No sé si este es el lugar correcto para hacer esta pregunta, pero me he dado cuenta de que los protocolos para la extracción de ADN de organismos fotosintéticos no usan fenol. Solo CTAB / Cloroformo.
¿Por qué?
Porque la extracción bacteriana o animal está basada en fenol:cloroformo.
Gracias
CTAB es para eliminar polifenoles y polisacáridos que se encuentran en los tejidos vegetales. Las células animales/bacterias no las tienen. Si lo desea, puede realizar una extracción adicional con fenol-cloroformo.
Ver este protocolo de Monsanto.
Pesar 6 g de tejido procesado en un tubo cónico de 50 ml apropiado para centrifugación. Nota: Para el tejido sin procesar, el pesaje puede ocurrir antes del procesamiento, siempre que la muestra procesada completa se transfiera al tubo cónico.
Para cada muestra de 6 g, agregue 25 ml de una solución que consta de 24,25 ml de tampón de extracción CTAB precalentado (55 °C), 0,5 ml de 2-mercaptoetanol (2-ME) y 0,25 ml de 10 mg/ml de proteinasa K para obtener una concentración final. del 2% (2-ME) y 100µg/ml (proteinasa K).
Incubar el tubo durante 60 minutos a 55°C. Enfríe el tubo brevemente en el banco (10 minutos)
Añadir 20 ml de fenol:cloroformo:alcohol isoamílico (PCI, 25:24:1). Tape el tubo y mezcle vigorosamente por vortex o inversión.
Centrifugar durante 10 minutos a 13.000 xg y 20-25 °C para separar las fases acuosa y orgánica. Transfiera la fase acuosa superior a un tubo cónico limpio de 50 ml.

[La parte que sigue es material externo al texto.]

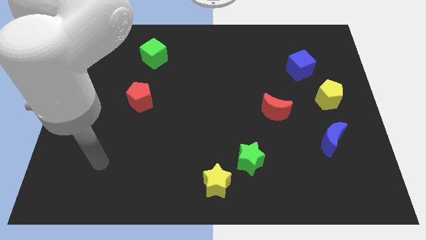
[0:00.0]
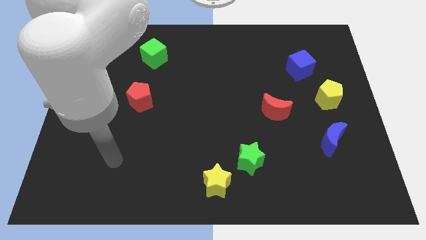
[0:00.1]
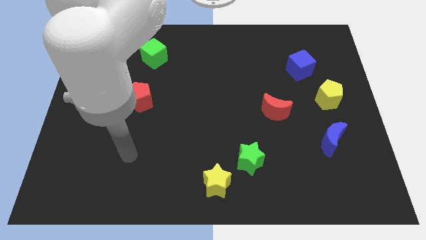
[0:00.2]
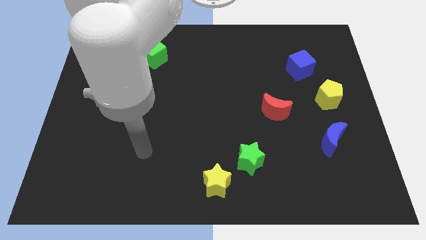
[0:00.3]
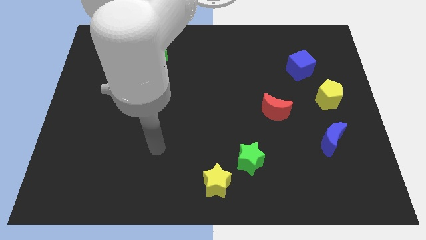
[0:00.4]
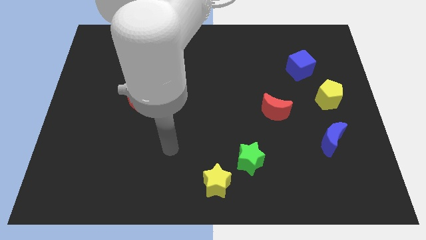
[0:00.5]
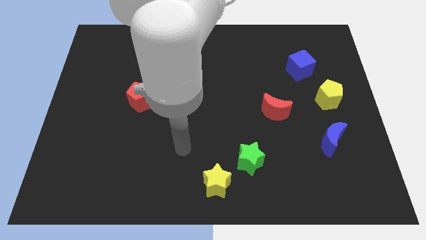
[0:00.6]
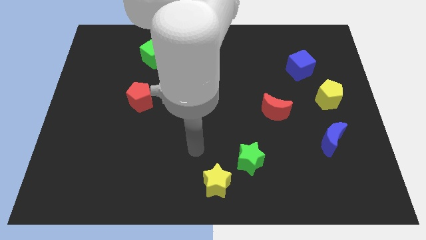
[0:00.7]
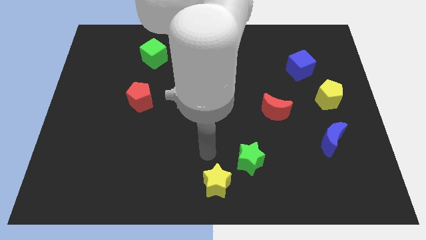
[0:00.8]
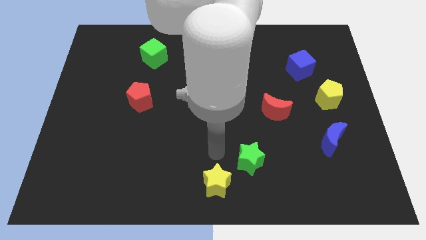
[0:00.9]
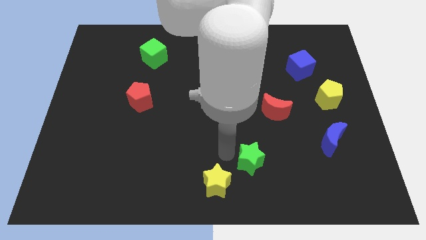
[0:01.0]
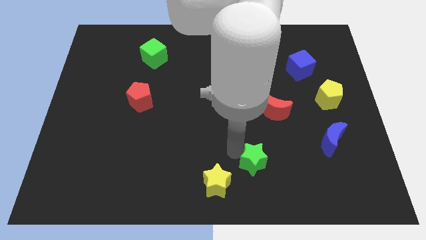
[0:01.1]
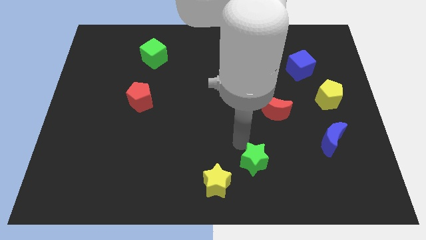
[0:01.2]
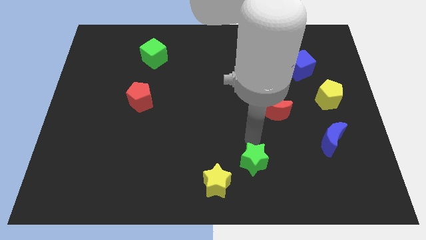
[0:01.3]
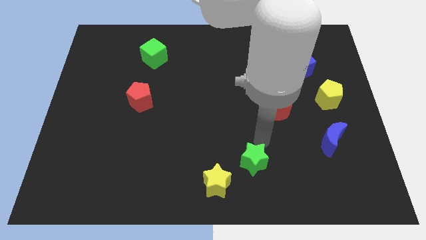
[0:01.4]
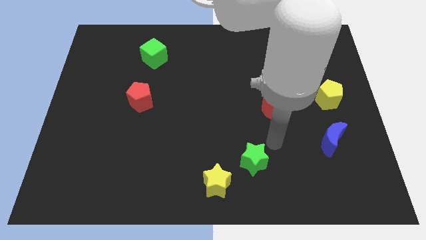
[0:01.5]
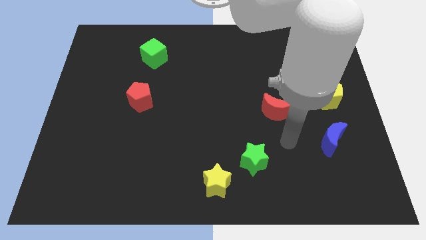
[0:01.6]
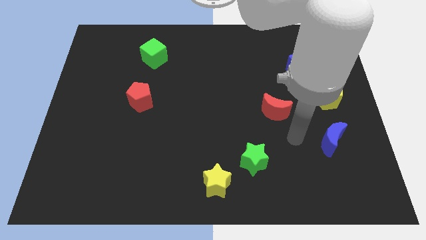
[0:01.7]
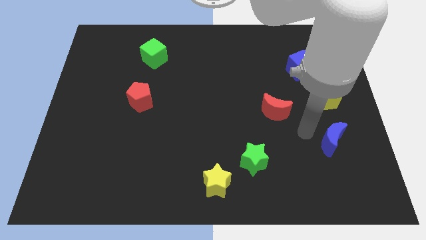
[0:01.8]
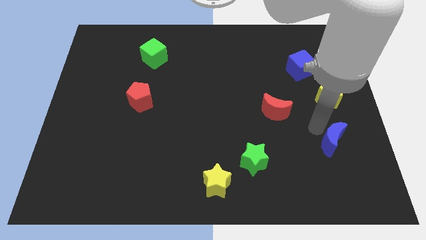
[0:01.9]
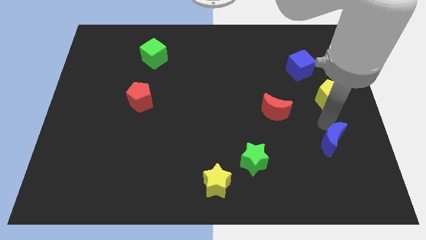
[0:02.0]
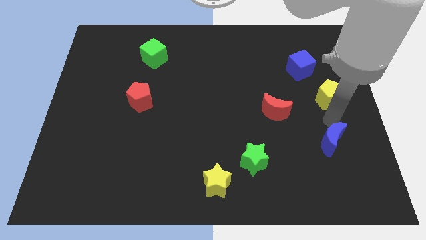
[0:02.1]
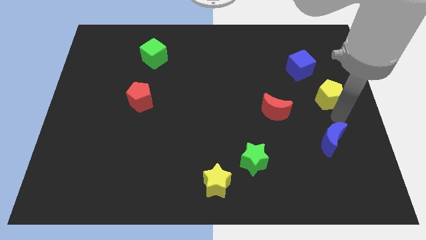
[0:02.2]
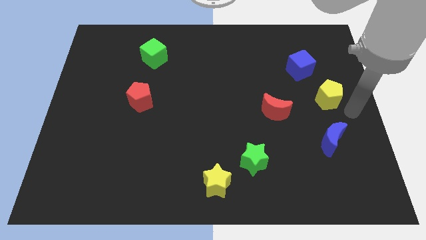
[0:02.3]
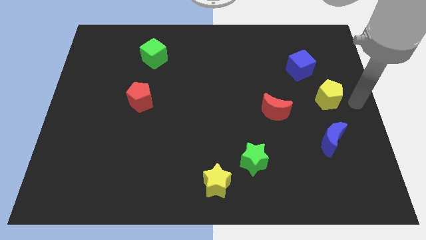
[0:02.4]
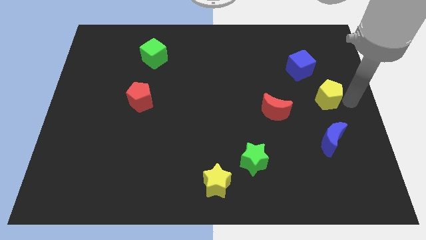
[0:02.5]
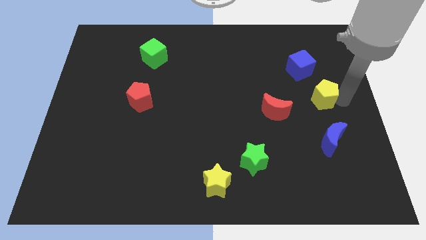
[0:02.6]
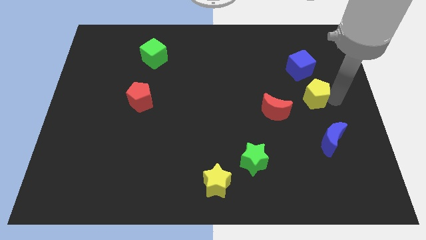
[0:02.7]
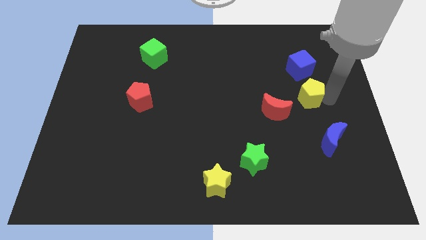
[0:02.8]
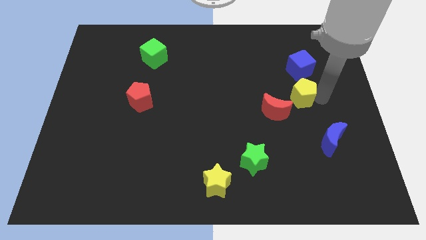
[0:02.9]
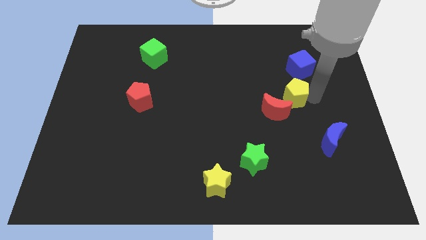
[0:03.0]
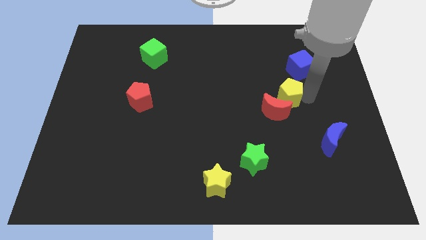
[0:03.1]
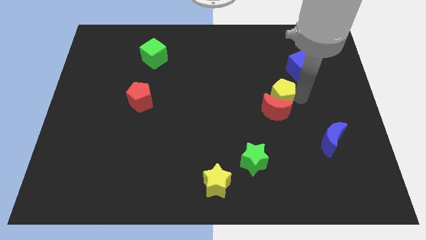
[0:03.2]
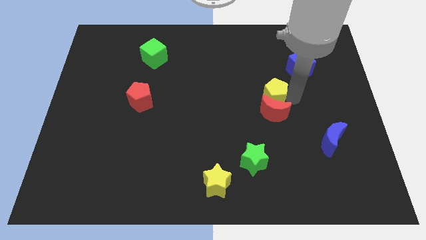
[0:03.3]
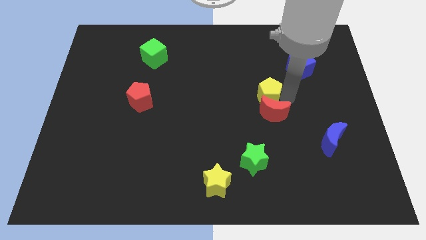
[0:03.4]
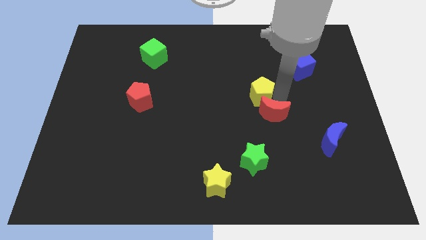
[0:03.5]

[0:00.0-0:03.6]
push the yellow pentagon to the middle

Repita la extracción dos veces para un total de tres extracciones (pasos 4-5).
Transfiera la fase acuosa superior a un tubo nuevo y agregue aproximadamente 2/3 del volumen de isopropanol a -20 °C e invierta suavemente el tubo varias veces para mezclar.
Para precipitar el ADN coloque los tubos a -20°C durante al menos 30 minutos y hasta tres días.
Para sedimentar el ADN, centrifugue los tubos a aproximadamente 13 000 × g durante 20 minutos a 4 °C.
Redisuelva el precipitado en 4 ml de TE pH 8,0. Transfiera a un tubo Sarstedt de 13 ml y agregue aproximadamente 40 µl de 10 mg/ml de ARNasa, luego incube a 37 °C durante 30 minutos.
Para extraer el ADN añadir 4ml de cloroformo:alcohol isoamílico (CIA, 24:1). Centrifugar durante 10 minutos a aproximadamente 13 000 xga temperatura ambiente. Transferir la fase acuosa superior a un tubo Sarstedt limpio.
Repita el paso 11, luego agregue la mitad del volumen de acetato de amonio 7,5 M, mezcle suavemente por inversión/pipeta y agregue 2 volúmenes de etanol al 100 %. Mezcle por inversión/pipeta y colóquelo a -20 °C durante 30 minutos o toda la noche.
Centrifugar a 13 000 × g durante 20 minutos a 4 °C para sedimentar el ADN.
He usado fenol:cloroformo muchas veces para extracciones de ADN y ARN de algas. Estos protocolos solo necesitaban ajustes menores para adaptarlos a una especie en particular (aunque algunas paredes celulares pueden ser extremadamente). El principio general detrás del fenol cloroformo funciona en casi cualquier muestra una vez que haya lisado/pulverizado las células. Los únicos problemas importantes ocurren cuando los tejidos son extremadamente grasos o están llenos de carbohidratos.
También he usado CTAB pero parece ser menos universalmente aplicable a las muestras de algas.